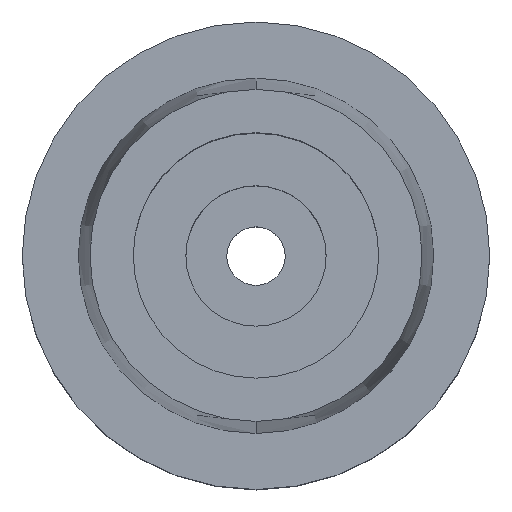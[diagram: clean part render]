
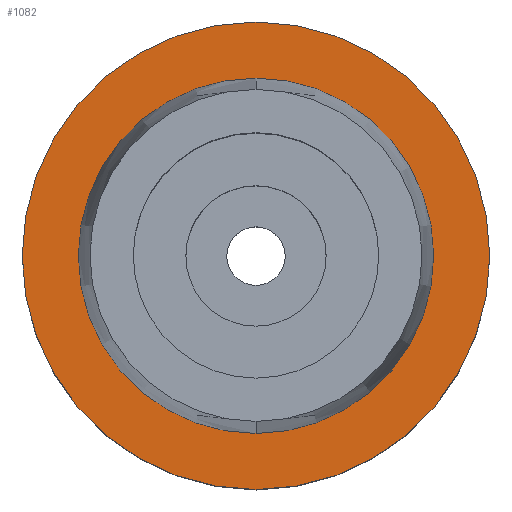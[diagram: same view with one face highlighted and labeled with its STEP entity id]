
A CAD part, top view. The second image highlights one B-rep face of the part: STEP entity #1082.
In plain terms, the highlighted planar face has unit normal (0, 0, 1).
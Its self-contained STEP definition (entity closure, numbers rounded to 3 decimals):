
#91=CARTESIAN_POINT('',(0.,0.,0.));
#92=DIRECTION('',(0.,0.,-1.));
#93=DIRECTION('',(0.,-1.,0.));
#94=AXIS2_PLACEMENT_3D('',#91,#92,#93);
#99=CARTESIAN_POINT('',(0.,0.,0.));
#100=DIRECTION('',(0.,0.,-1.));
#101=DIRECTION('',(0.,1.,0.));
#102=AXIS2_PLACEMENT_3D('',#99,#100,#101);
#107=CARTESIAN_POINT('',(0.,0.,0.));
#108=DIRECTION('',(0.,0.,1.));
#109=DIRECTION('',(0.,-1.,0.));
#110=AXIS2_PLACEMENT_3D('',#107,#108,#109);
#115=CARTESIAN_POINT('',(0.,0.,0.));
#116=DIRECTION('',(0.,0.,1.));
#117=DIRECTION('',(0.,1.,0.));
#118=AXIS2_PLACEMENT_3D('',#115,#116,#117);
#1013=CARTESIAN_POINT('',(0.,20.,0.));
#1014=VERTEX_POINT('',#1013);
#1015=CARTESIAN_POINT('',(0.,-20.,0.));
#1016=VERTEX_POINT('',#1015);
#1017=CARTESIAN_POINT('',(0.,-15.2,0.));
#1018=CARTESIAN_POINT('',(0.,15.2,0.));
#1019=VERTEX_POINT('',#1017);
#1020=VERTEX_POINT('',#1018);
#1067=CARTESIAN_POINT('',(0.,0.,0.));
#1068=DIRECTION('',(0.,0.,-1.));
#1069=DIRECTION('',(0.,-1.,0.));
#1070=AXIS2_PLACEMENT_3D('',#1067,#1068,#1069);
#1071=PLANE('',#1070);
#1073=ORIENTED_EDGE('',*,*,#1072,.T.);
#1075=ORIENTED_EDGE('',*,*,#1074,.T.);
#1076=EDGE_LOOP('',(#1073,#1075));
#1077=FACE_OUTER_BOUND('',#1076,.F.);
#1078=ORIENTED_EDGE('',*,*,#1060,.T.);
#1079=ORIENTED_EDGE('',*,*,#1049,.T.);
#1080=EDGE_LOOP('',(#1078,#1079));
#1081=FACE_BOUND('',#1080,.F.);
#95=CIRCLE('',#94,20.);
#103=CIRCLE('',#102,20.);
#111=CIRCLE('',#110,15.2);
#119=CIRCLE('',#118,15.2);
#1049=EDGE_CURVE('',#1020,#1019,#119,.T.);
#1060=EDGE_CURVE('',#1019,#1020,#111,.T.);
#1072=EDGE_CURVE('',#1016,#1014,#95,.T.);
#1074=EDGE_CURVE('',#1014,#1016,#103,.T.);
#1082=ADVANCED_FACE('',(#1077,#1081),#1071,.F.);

Instructions for the task: The lines running from the beginning of the listing above through the line that holds "In plain terms, the" are to be duplicated exactly, both ends kept, pictures omitted.

Response:
[diagram: clean part render]
[diagram: same view with one face highlighted and labeled with its STEP entity id]
A CAD part, top view. The second image highlights one B-rep face of the part: STEP entity #1082.
In plain terms, the highlighted planar face has unit normal (0, 0, 1).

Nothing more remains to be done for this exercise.